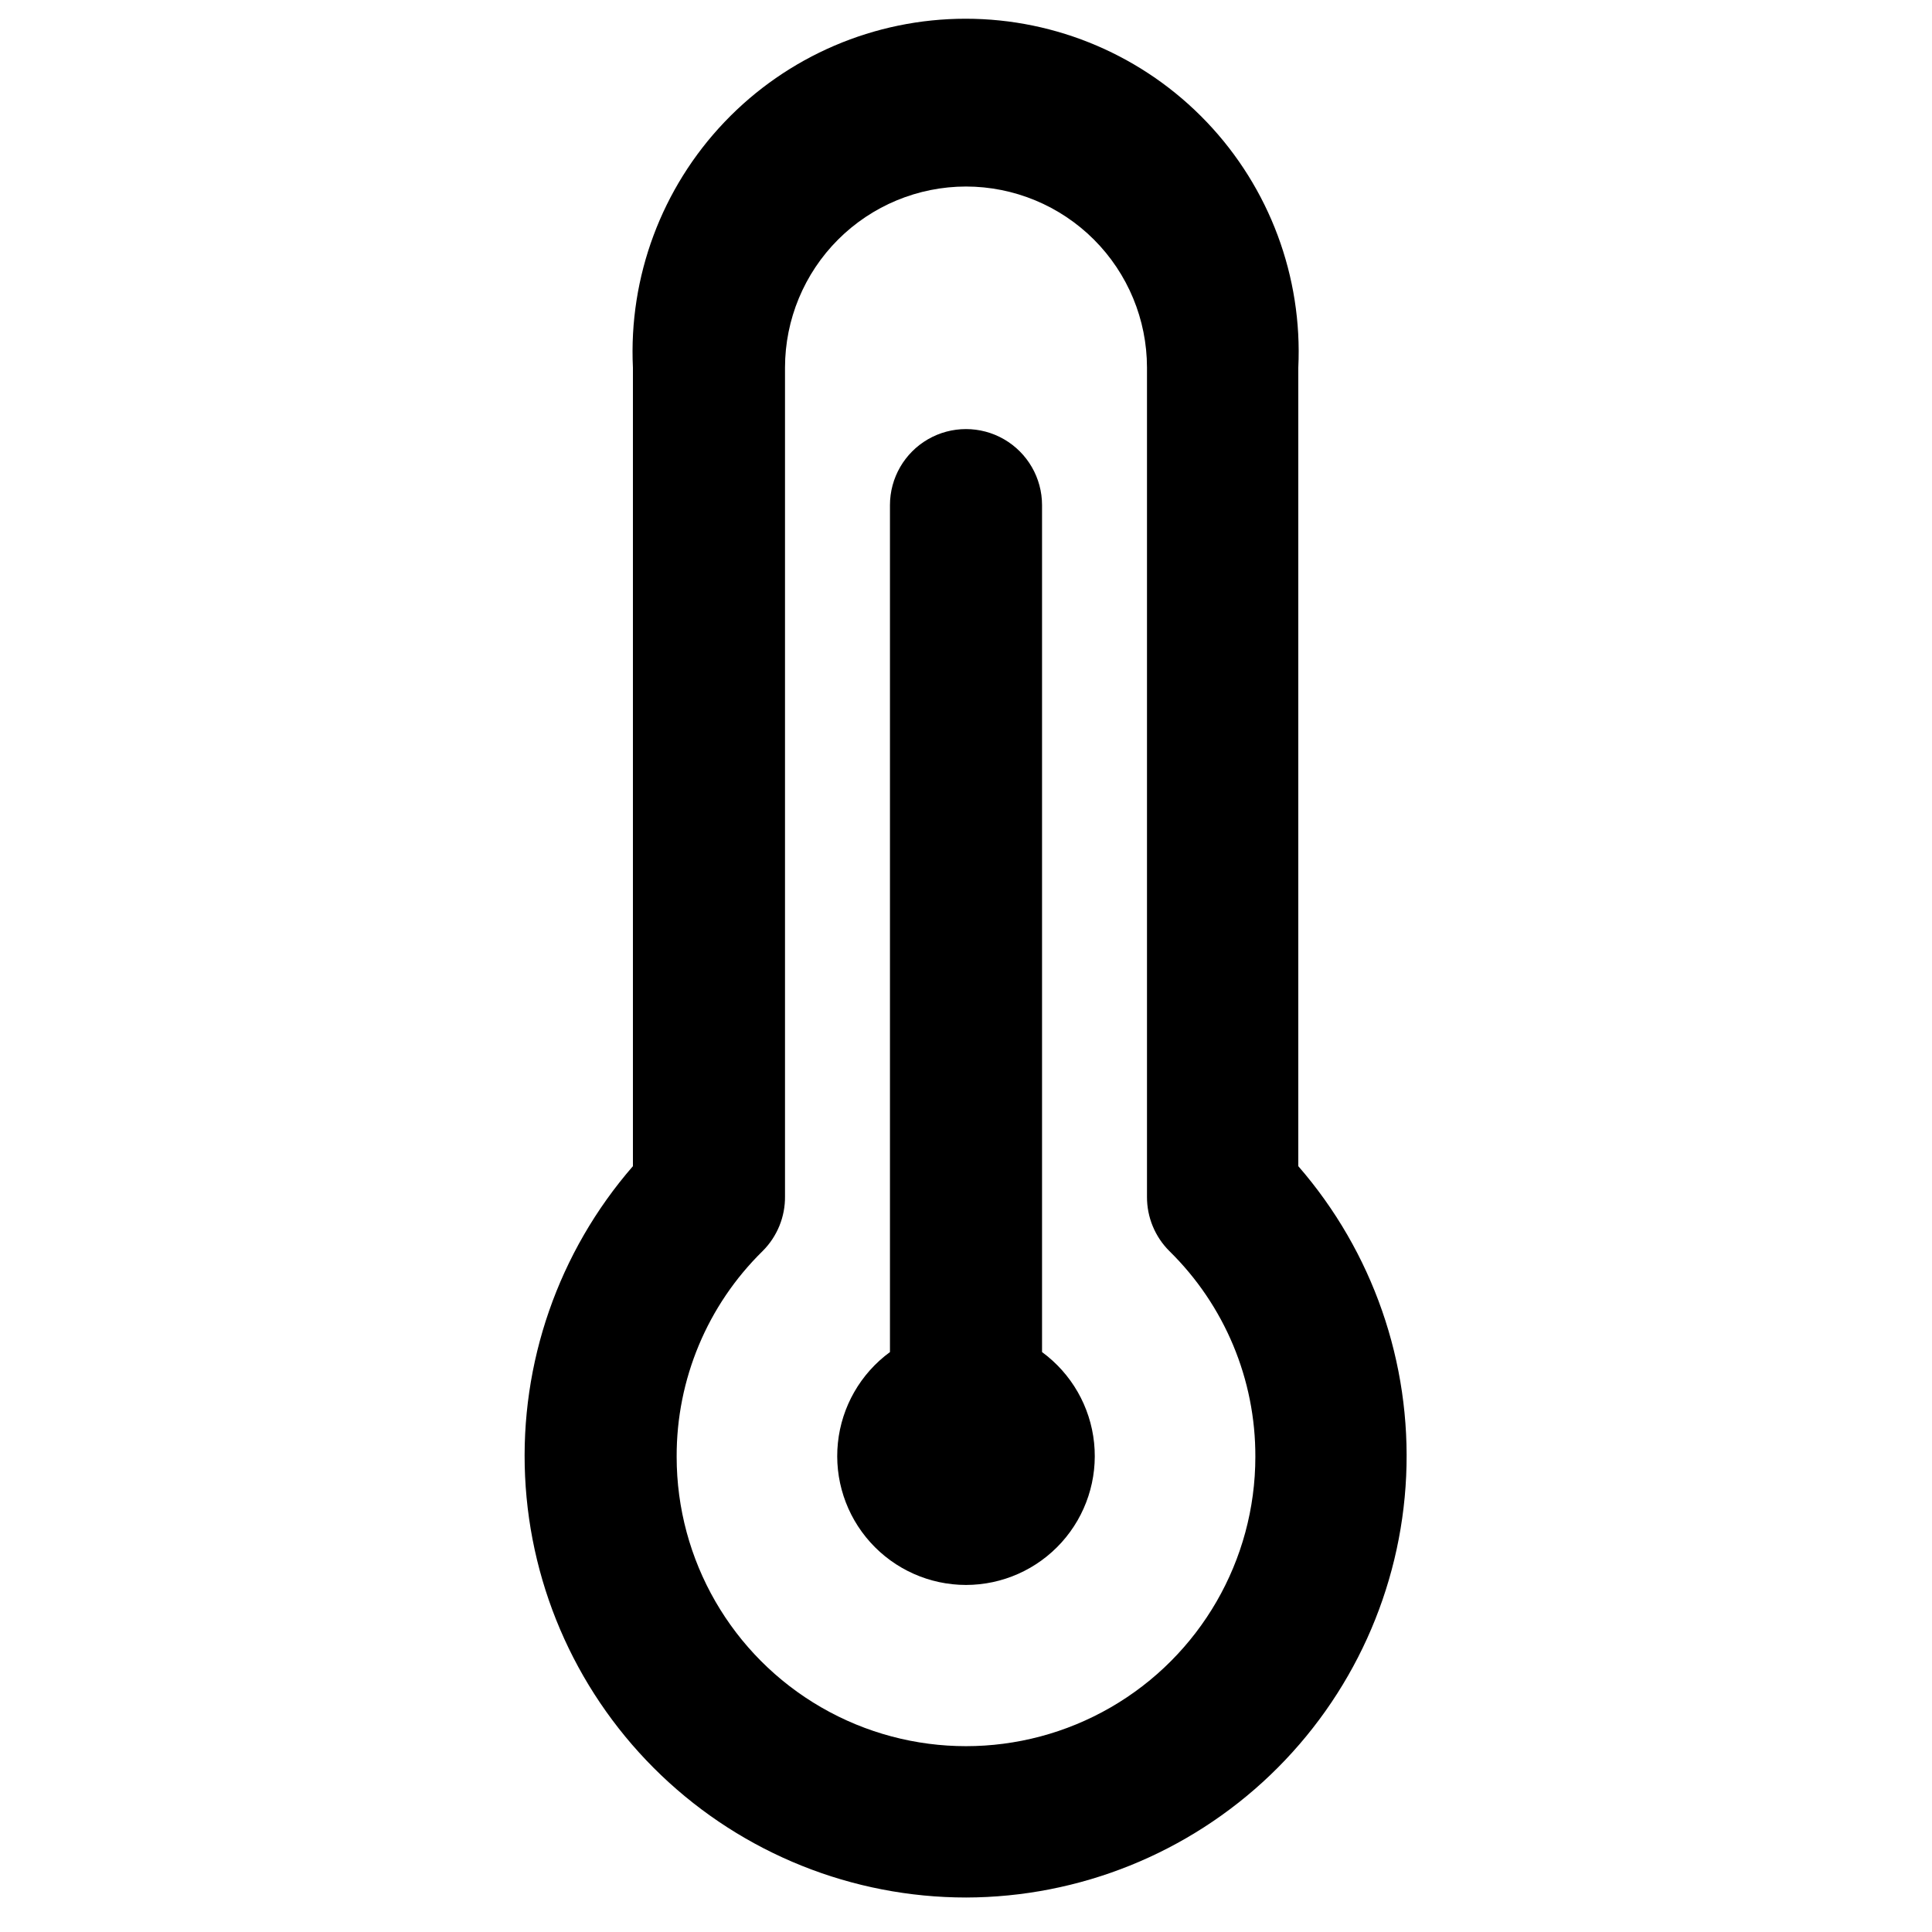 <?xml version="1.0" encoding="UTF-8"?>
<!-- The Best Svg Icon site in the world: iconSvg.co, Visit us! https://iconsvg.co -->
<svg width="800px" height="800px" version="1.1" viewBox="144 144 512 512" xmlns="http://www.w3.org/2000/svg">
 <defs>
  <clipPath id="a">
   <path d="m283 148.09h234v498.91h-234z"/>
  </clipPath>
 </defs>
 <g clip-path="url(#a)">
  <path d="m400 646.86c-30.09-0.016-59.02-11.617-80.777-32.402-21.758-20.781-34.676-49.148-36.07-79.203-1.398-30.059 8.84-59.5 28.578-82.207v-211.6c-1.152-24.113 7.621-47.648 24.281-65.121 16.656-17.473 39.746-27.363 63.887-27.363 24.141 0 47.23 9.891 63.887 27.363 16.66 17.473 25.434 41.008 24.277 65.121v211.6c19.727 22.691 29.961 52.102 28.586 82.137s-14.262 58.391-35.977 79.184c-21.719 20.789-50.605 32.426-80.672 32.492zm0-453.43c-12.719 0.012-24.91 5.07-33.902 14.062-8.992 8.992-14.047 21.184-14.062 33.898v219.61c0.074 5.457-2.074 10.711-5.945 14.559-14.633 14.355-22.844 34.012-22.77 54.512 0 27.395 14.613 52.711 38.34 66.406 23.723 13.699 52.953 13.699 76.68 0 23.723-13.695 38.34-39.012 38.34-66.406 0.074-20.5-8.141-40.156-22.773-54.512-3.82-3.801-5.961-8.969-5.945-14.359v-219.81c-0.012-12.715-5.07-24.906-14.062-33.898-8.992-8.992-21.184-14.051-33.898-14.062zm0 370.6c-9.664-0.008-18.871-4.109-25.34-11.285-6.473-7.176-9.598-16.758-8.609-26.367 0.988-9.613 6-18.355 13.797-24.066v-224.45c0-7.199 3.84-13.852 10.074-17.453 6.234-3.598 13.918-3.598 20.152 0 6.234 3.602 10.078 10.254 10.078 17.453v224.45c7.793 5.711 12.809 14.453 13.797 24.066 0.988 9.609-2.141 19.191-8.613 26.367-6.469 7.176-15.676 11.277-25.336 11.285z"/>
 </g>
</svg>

◇ ◇ ◇ ◇

Work item - Your task is to return, exactly and on their own, the lines from the one containing "8.84-59.5 28.578-82.207v-211.6c-1.152-24.113 7.621-47.648" through the last line of the listing.

Final answer -
  <path d="m400 646.86c-30.09-0.016-59.02-11.617-80.777-32.402-21.758-20.781-34.676-49.148-36.07-79.203-1.398-30.059 8.84-59.5 28.578-82.207v-211.6c-1.152-24.113 7.621-47.648 24.281-65.121 16.656-17.473 39.746-27.363 63.887-27.363 24.141 0 47.23 9.891 63.887 27.363 16.66 17.473 25.434 41.008 24.277 65.121v211.6c19.727 22.691 29.961 52.102 28.586 82.137s-14.262 58.391-35.977 79.184c-21.719 20.789-50.605 32.426-80.672 32.492zm0-453.43c-12.719 0.012-24.91 5.07-33.902 14.062-8.992 8.992-14.047 21.184-14.062 33.898v219.61c0.074 5.457-2.074 10.711-5.945 14.559-14.633 14.355-22.844 34.012-22.77 54.512 0 27.395 14.613 52.711 38.34 66.406 23.723 13.699 52.953 13.699 76.68 0 23.723-13.695 38.34-39.012 38.34-66.406 0.074-20.5-8.141-40.156-22.773-54.512-3.82-3.801-5.961-8.969-5.945-14.359v-219.81c-0.012-12.715-5.07-24.906-14.062-33.898-8.992-8.992-21.184-14.051-33.898-14.062zm0 370.6c-9.664-0.008-18.871-4.109-25.34-11.285-6.473-7.176-9.598-16.758-8.609-26.367 0.988-9.613 6-18.355 13.797-24.066v-224.45c0-7.199 3.84-13.852 10.074-17.453 6.234-3.598 13.918-3.598 20.152 0 6.234 3.602 10.078 10.254 10.078 17.453v224.45c7.793 5.711 12.809 14.453 13.797 24.066 0.988 9.609-2.141 19.191-8.613 26.367-6.469 7.176-15.676 11.277-25.336 11.285z"/>
 </g>
</svg>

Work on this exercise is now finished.